- **Supplied information**
=== Begin Enclosure ===

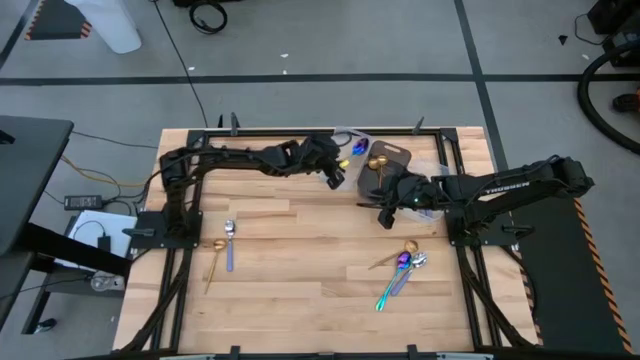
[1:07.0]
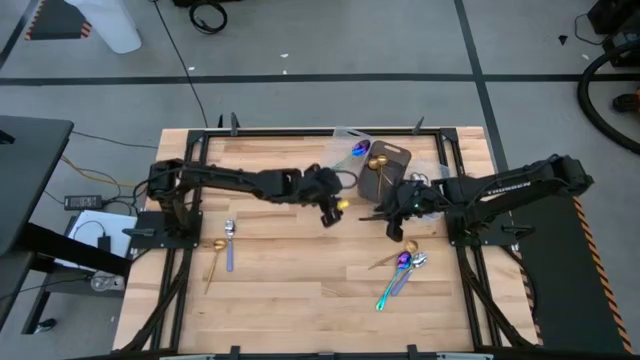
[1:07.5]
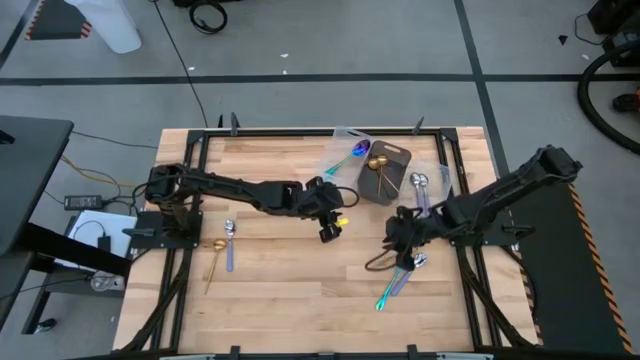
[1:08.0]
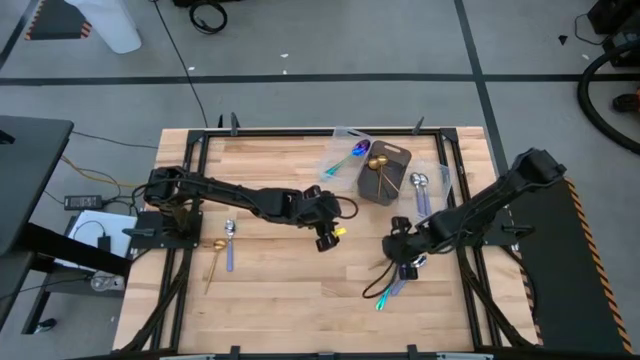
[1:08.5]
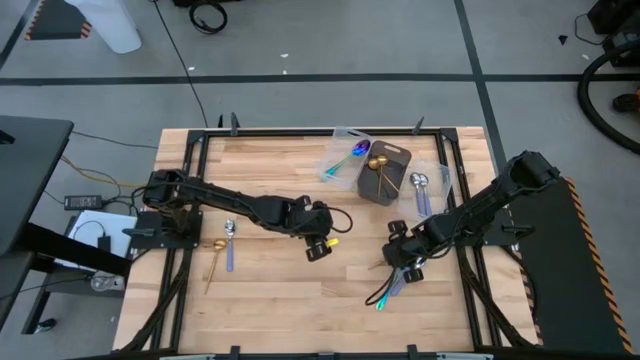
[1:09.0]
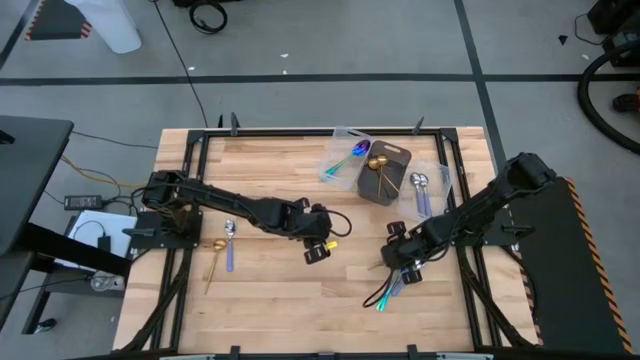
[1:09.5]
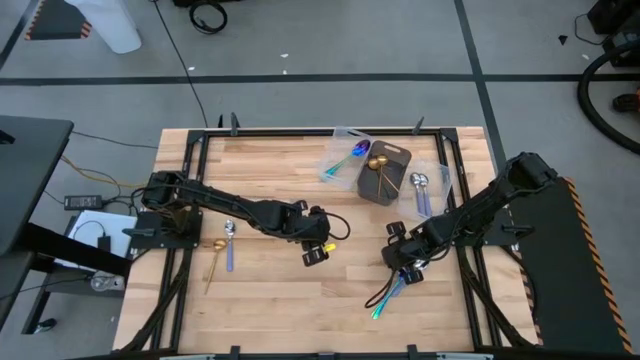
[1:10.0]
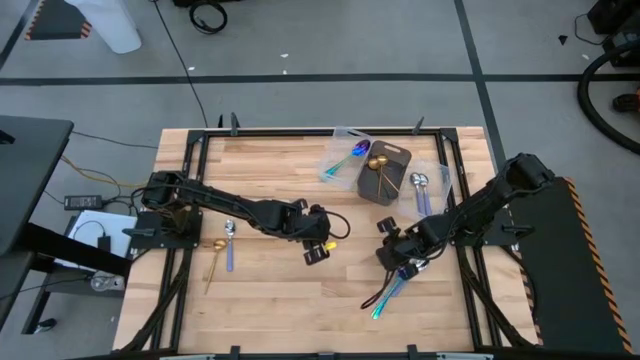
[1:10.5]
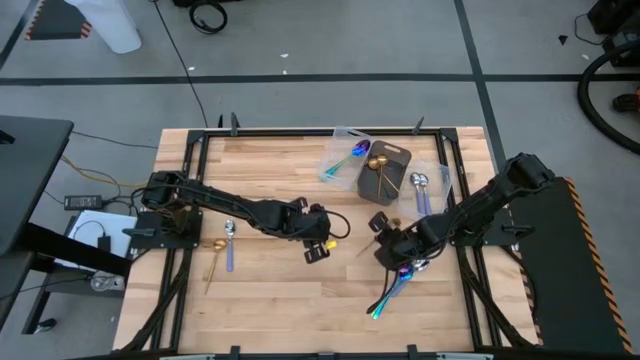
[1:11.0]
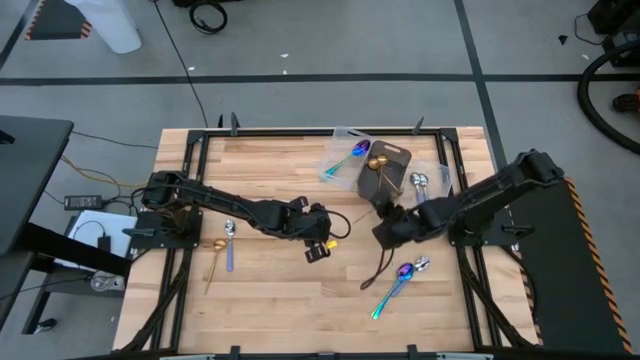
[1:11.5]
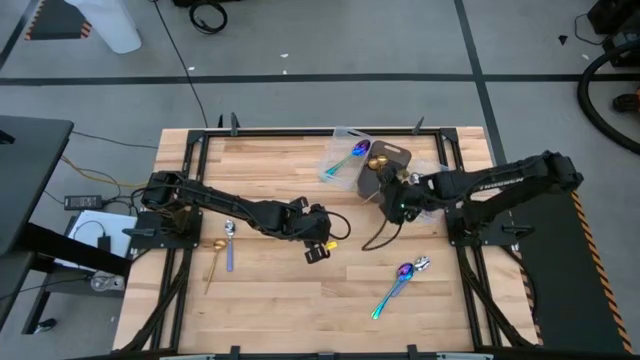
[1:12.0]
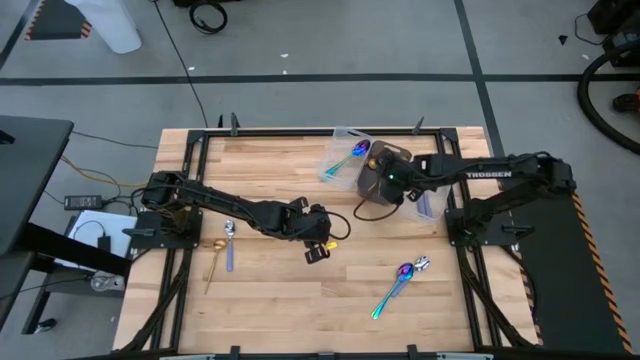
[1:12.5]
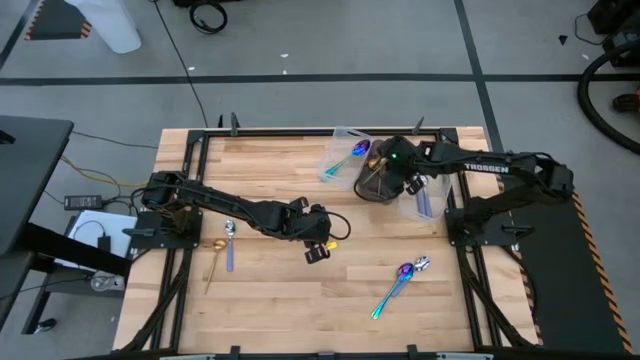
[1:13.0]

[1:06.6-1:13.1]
Task: Sort silverware by color (type)
Put the gold spoon into the black bin

=== End Enclosure ===

From the first line to the last, copy the records above exactly and drop any pictures.

[1:07.0]
[1:07.5]
[1:08.0]
[1:08.5]
[1:09.0]
[1:09.5]
[1:10.0]
[1:10.5]
[1:11.0]
[1:11.5]
[1:12.0]
[1:12.5]
[1:13.0]

[1:06.6-1:13.1]
Task: Sort silverware by color (type)
Put the gold spoon into the black bin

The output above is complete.